John McCarthy points out that the definition of $*$ seems to vary across textbooks. Looking at the $3$ books I have available:
Voisin (Section 5.1) defines $*$ to be a $\mathbb{C}$-linear map, which takes $(p,q)$-forms to $(n-q, n-p)$ forms, and for which $\overline{\partial}^* = - * \partial *$. This is the convention I have been following.
Wells (Secton V.2) defines $*$ in the same way as Voisin, but then also defines $\overline{*}$ by $\overline{*} \phi = * \overline{\phi}$, and basically doesn't mention $*$ again. He writes $\overline{\partial}^* = - \overline{*} \overline{\partial} \overline{*}$. This defines the same map as Voisin does, but generalizes more nicely to vector bundles.
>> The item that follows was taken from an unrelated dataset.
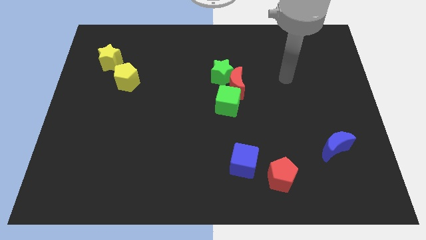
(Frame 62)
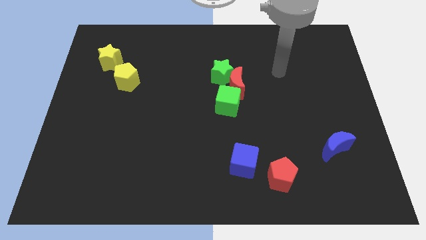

This is a nice expository choice; I probably would have done better to follow this in my course.
Griffiths and Harris (Section 0.6) define $*$ to be a $\mathbb{C}$-antilinear map which takes $(p,q)$-forms to $(n-p, n-q)$ forms. (See a little earlier on p. 82.) This suggests that their $*$ is Wells' $\overline{*}$. I am not sure that they are exactly the same, though. Looking at $\mathbb{C}$, with the standard Kahler form, I think Wells' $\overline{*} (dz)$ should be his $* d\overline{z}$ which I think is $dy + i dx = i d \overline{z}$. That is off by $i$ from Griffiths and Harris' formula, I'm not sure why.
In any case, it appears that G and H write $*$ for a map which has the complex conjugate built in, where the others do not. They all seem to agree as to what $\overline{\partial}^*$ means.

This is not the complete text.